L'acheteur pourra également exiger dans le règlement de la consultation la fourniture d'échantillons, leur nombre devra être proportionné à l'objectif de procéder au meilleur choix et être compatible avec le niveau de spécification technique exigé du produit. Des modalités d'indemnisation pourront être prévues.

12.2. Peut-on utiliser le critère environnemental ?

Le code autorise la prise en compte des exigences environnementales dans l'achat public dans le respect des principes généraux de la commande publique. Cette prise en compte couvre l'ensemble du champ de l'achat public sans restriction de montant ou d'objet.

Les exigences environnementales sont prises en compte notamment par les dispositions des articles 14, 45 et 53.

Cet objectif est favorisé par l'insertion à l'article 45 relatif à la présentation des candidatures des renseignements sur le savoir-faire des candidats en matière de protection de l'environnement et l'ajout des performances en matière de protection de l'environnement aux critères de choix des offres fixés à l'article 53.

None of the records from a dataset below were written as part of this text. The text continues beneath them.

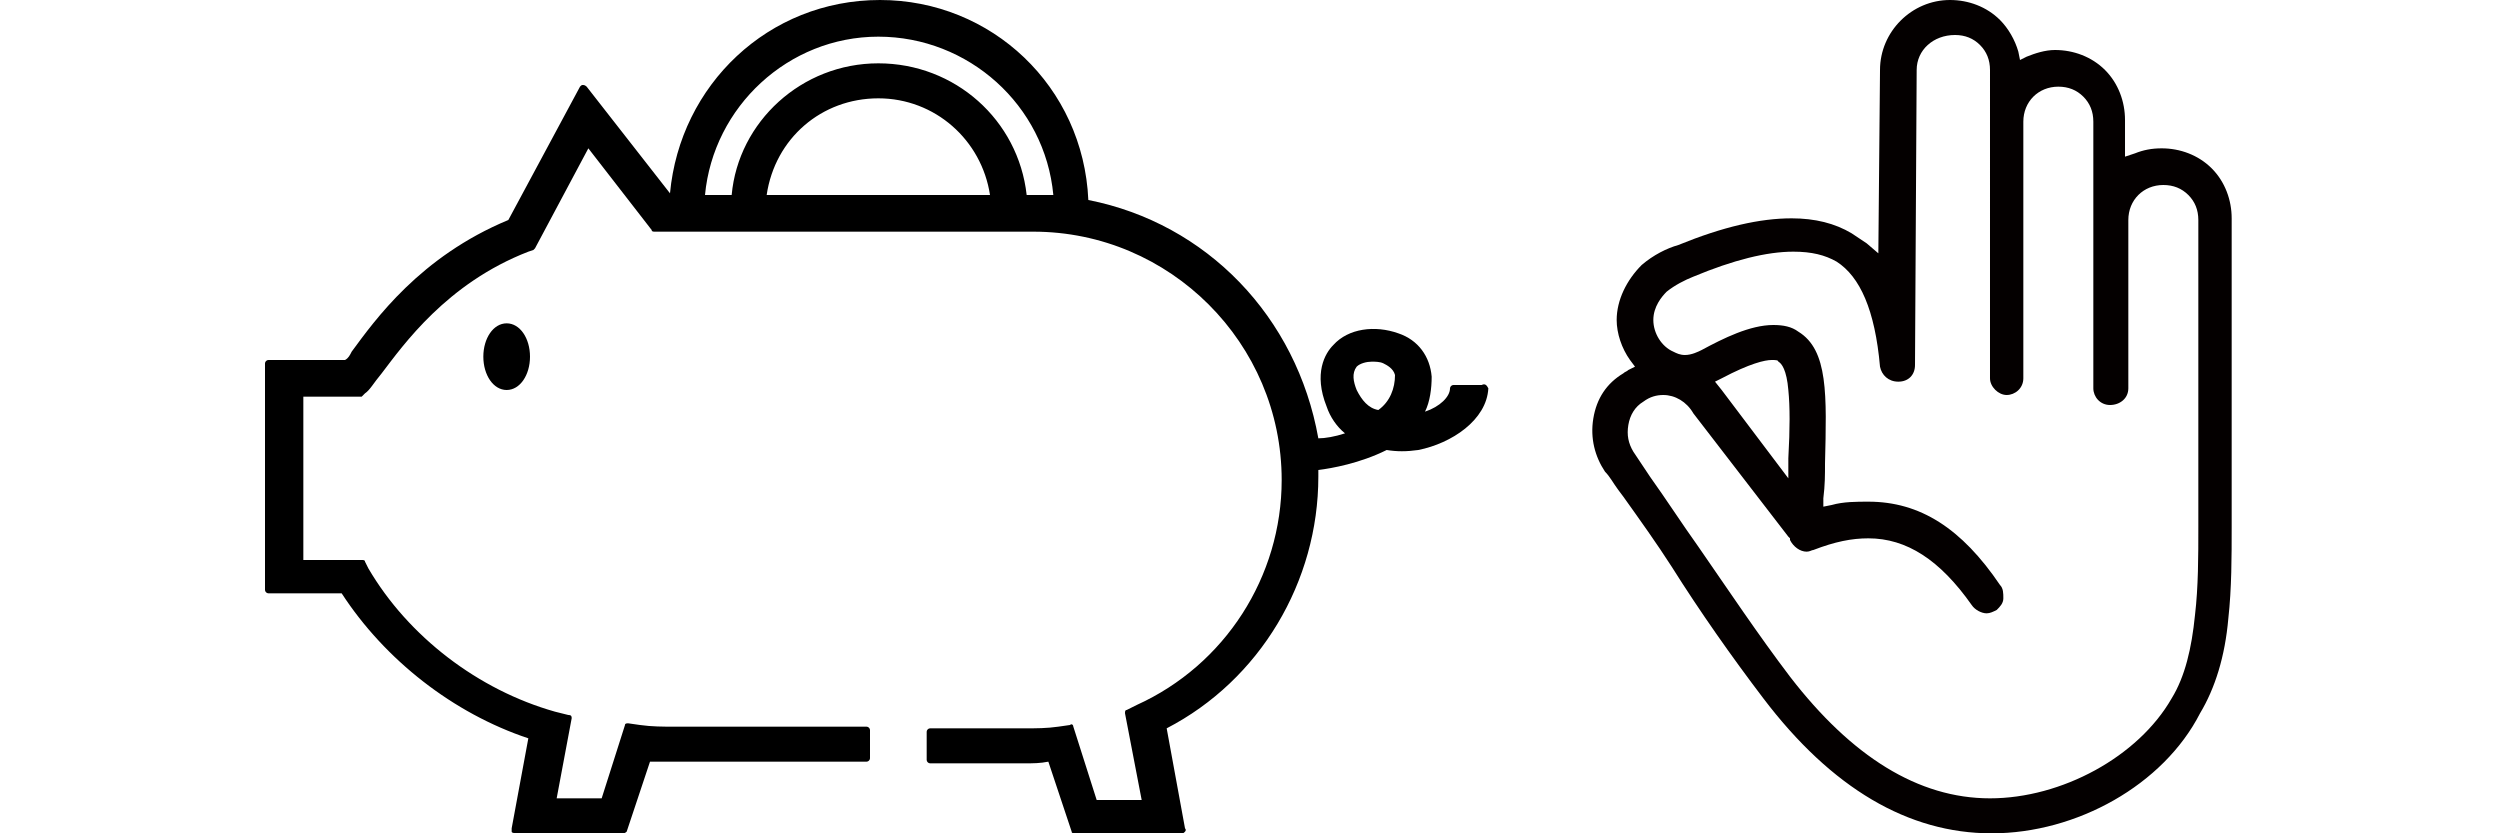 <?xml version="1.0" encoding="utf-8"?>
<!-- Generator: Adobe Illustrator 26.2.1, SVG Export Plug-In . SVG Version: 6.00 Build 0)  -->
<svg version="1.1" id="レイヤー_1" xmlns="http://www.w3.org/2000/svg" xmlns:xlink="http://www.w3.org/1999/xlink" x="0px"
	 y="0px" viewBox="0 0 150 50" style="enable-background:new 0 0 150 50;" xml:space="preserve">
<style type="text/css">
	.st0{fill:none;}
	.st1{fill:#040000;}
</style>
<g>
	<g>
		<rect y="0" class="st0" width="150" height="50"/>
		<g>
			<path d="M30.4,19.4c-0.8,0-1.4,0.9-1.4,2c0,1.1,0.6,2,1.4,2s1.4-0.9,1.4-2C31.8,20.3,31.2,19.4,30.4,19.4z"/>
			<path d="M88.9,23.1l-1.7,0l0,0c-0.1,0-0.2,0.1-0.2,0.2c0,0.5-0.6,1.1-1.5,1.4c0.3-0.6,0.4-1.4,0.4-2.1c-0.1-1.2-0.8-2.2-2-2.6
				c-1.4-0.5-3-0.3-3.9,0.7c-0.5,0.5-1.2,1.7-0.4,3.7c0.2,0.6,0.6,1.2,1.1,1.6c-0.6,0.2-1.2,0.3-1.6,0.3C77.8,19,72.4,13.4,65.3,12
				C65,5.2,59.5,0,52.8,0s-12,5.1-12.6,11.6l-5-6.4c0,0-0.1-0.1-0.2-0.1s-0.1,0-0.2,0.1l-4.3,8c-5.3,2.2-8,6-9.4,7.9
				c-0.1,0.2-0.2,0.4-0.4,0.5h-4.6c-0.1,0-0.2,0.1-0.2,0.2v13.6c0,0.1,0.1,0.2,0.2,0.2h4.4c2.6,4,6.7,7.2,11.2,8.7l-1,5.4
				c0,0.1,0,0.1,0,0.2S31,50,31,50h6.4c0.1,0,0.2-0.1,0.2-0.1l1.4-4.2c0.5,0,1,0,1.4,0H52c0.1,0,0.2-0.1,0.2-0.2v-1.7
				c0-0.1-0.1-0.2-0.2-0.2H40.4c-0.6,0-1.3,0-2-0.1l-0.7-0.1c-0.1,0-0.2,0-0.2,0.1l-1.4,4.4h-2.7l0.9-4.8c0-0.1,0-0.2-0.2-0.2
				l-0.8-0.2c-4.6-1.3-8.8-4.5-11.2-8.6l-0.2-0.4c0-0.1-0.1-0.1-0.2-0.1h-3.5v-9.8h3.4c0,0,0.1,0,0.1,0l0.2-0.2
				c0.3-0.2,0.5-0.6,1-1.2c1.3-1.7,3.9-5.4,8.8-7.3l0.3-0.1c0,0,0.1-0.1,0.1-0.1l3.2-6l3.8,4.9c0,0.1,0.1,0.1,0.2,0.1l0.4,0
				c0.2,0,1,0,1.3,0h21c8.2,0,14.9,6.7,14.9,14.9c0,5.8-3.4,11.1-8.7,13.5l-0.6,0.3c-0.1,0-0.1,0.1-0.1,0.2l1,5.2h-2.7l-1.4-4.4
				c0-0.1-0.1-0.2-0.2-0.1l-0.7,0.1c-0.7,0.1-1.3,0.1-2,0.1h-5.7c-0.1,0-0.2,0.1-0.2,0.2v1.7c0,0.1,0.1,0.2,0.2,0.2h5.7
				c0.5,0,0.9,0,1.4-0.1l1.4,4.2c0,0.1,0.1,0.1,0.2,0.1h6.4c0.1,0,0.1,0,0.2-0.1c0,0,0.1-0.1,0-0.2l-1.1-6c5.6-2.9,9.1-8.8,9.1-15.1
				c0-0.1,0-0.3,0-0.4c0.8-0.1,2.5-0.4,4.1-1.2c0.6,0.1,1.2,0.1,1.9,0c2-0.4,4.1-1.8,4.2-3.7C89.2,23.1,89.1,23,88.9,23.1L88.9,23.1
				z M81.4,23.4c-0.2-0.5-0.3-1,0-1.4c0.2-0.2,0.6-0.3,0.9-0.3c0.2,0,0.5,0,0.7,0.1c0.2,0.1,0.6,0.3,0.7,0.7c0,0.8-0.3,1.6-1,2.1
				C82.1,24.5,81.7,24,81.4,23.4L81.4,23.4z M52.7,5.9c3.4,0,6.2,2.5,6.7,5.8H46C46.5,8.3,49.3,5.9,52.7,5.9z M63.2,11.7
				c-0.4,0-0.8,0-1.1,0h-0.5c-0.5-4.5-4.3-7.9-8.9-7.9s-8.4,3.5-8.8,7.9h-1.6c0.5-5.3,5-9.5,10.4-9.5S62.7,6.3,63.2,11.7L63.2,11.7z
				"/>
		</g>
		<path class="st1" d="M119.5,50c-5,0-9.6-2.7-13.7-8.1c-1.9-2.5-3.8-5.2-5.5-7.9c-0.9-1.4-1.9-2.8-2.9-4.2l-0.3-0.4
			c-0.3-0.4-0.5-0.8-0.8-1.1c-0.6-0.9-0.9-2-0.7-3.2s0.8-2.1,1.8-2.7c0.1-0.1,0.2-0.1,0.3-0.2l0.4-0.2l-0.3-0.4
			c-0.5-0.7-0.8-1.6-0.8-2.4c0-1.2,0.6-2.4,1.5-3.3c0.7-0.6,1.5-1,2.2-1.2c2.7-1.1,4.9-1.6,6.8-1.6c1.4,0,2.6,0.3,3.6,0.9
			c0.3,0.2,0.6,0.4,0.9,0.6l0.7,0.6l0.1-11c0-2.3,1.9-4.2,4.2-4.2c1.1,0,2.2,0.4,3,1.2c0.5,0.5,0.9,1.2,1.1,1.9l0.1,0.5l0.4-0.2
			c0.5-0.2,1.1-0.4,1.7-0.4c1.1,0,2.2,0.4,3,1.2c0.8,0.8,1.2,1.9,1.2,3v2.2l0.6-0.2c0.5-0.2,1-0.3,1.6-0.3c1.1,0,2.2,0.4,3,1.2
			c0.8,0.8,1.2,1.9,1.2,3v17.1c0,0.5,0,0.9,0,1.4c0,1.8,0,3.7-0.2,5.5c-0.2,2.3-0.8,4.2-1.7,5.7C129.8,47.1,124.6,50,119.5,50
			L119.5,50L119.5,50z M99.8,23.7c-0.4,0-0.8,0.1-1.2,0.4c-0.5,0.3-0.8,0.8-0.9,1.4c-0.1,0.6,0,1.1,0.3,1.6c0.2,0.3,0.4,0.6,0.6,0.9
			l0.4,0.6c1,1.4,1.9,2.8,2.9,4.2c1.8,2.6,3.6,5.3,5.5,7.8c3.7,4.8,7.7,7.3,12,7.3s8.9-2.5,10.9-6c0.8-1.3,1.2-3,1.4-5
			c0.2-1.7,0.2-3.5,0.2-5.3v-0.1c0-0.4,0-0.9,0-1.3V13.2c0-0.6-0.2-1.1-0.6-1.5s-0.9-0.6-1.5-0.6c-1.2,0-2.1,0.9-2.1,2.1v10.1
			c0,0.6-0.5,1-1.1,1s-1-0.5-1-1v-16c0-0.6-0.2-1.1-0.6-1.5s-0.9-0.6-1.5-0.6c-1.2,0-2.1,0.9-2.1,2.1v15.4c0,0.6-0.5,1-1,1
			s-1-0.5-1-1V4.2c0-0.6-0.2-1.1-0.6-1.5s-0.9-0.6-1.5-0.6C116,2.1,115,3,115,4.2l-0.1,17.7c0,0.6-0.4,1-1,1l0,0
			c-0.6,0-1-0.4-1.1-0.9c-0.3-3.4-1.2-5.4-2.6-6.3c-0.7-0.4-1.5-0.6-2.6-0.6c-1.6,0-3.6,0.5-6,1.5c-0.5,0.2-1.1,0.5-1.6,0.9
			c-0.3,0.3-0.8,0.9-0.8,1.7c0,0.8,0.5,1.6,1.2,1.9c0.2,0.1,0.4,0.2,0.7,0.2c0.4,0,0.8-0.2,1-0.3c1.3-0.7,2.9-1.5,4.3-1.5
			c0.6,0,1.1,0.1,1.5,0.4c1.8,1.1,1.7,3.8,1.6,7.9c0,0.7,0,1.3-0.1,2.1v0.5l0.5-0.1c0.7-0.2,1.5-0.2,2.2-0.2c3.1,0,5.6,1.6,7.9,5
			c0.2,0.2,0.2,0.5,0.2,0.8s-0.2,0.5-0.4,0.7c-0.2,0.1-0.4,0.2-0.6,0.2c-0.3,0-0.7-0.2-0.9-0.5c-1.9-2.7-3.9-4-6.2-4
			c-1,0-2,0.2-3.3,0.7c-0.1,0-0.2,0.1-0.4,0.1c-0.4,0-0.8-0.3-1-0.7l0-0.1l-0.1-0.1l-5.7-7.4C101.2,24.1,100.5,23.7,99.8,23.7
			L99.8,23.7z M106.3,21.6c-0.4,0-1.3,0.2-3,1.1l-0.4,0.2l0.4,0.5l4,5.3l0-1.2c0.1-1.8,0.1-3.1,0-4.1c-0.1-1.2-0.4-1.6-0.6-1.7
			C106.7,21.6,106.5,21.6,106.3,21.6L106.3,21.6z"/>
	</g>
</g>
</svg>

L'article 45 autorise les acheteurs publics à examiner le savoir-faire des candidats en matière de protection de l'environnement au travers de l'appréciation de leurs capacités techniques.

L'article 53 permet aux acheteurs publics de faire peser le critère environnemental par rapport à l'ensemble des autres critères de choix. Ce critère devra néanmoins être lié à l'objet du marché, expressément mentionné dans l'avis de marché ou le cahier des charges, et respecter les principes posés par l'article 1er du code. Comme pour les autres critères, ce critère ne devra pas être formulé de manière à donner un pouvoir discrétionnaire à l'acheteur public lors du choix de la meilleure offre.

En outre, pour l'exécution d'un marché public, les acheteurs peuvent, conformément aux dispositions de l'article 14, prévoir dans le cahier des charges du marché des conditions d'exécution environnementales. Ces conditions ne doivent pas, elles non plus, avoir d'effet discriminatoire.

Ces outils permettent aux acheteurs publics de fixer eux-mêmes le niveau d'exigence environnementale qu'ils souhaitent voir réaliser au travers de leurs marchés.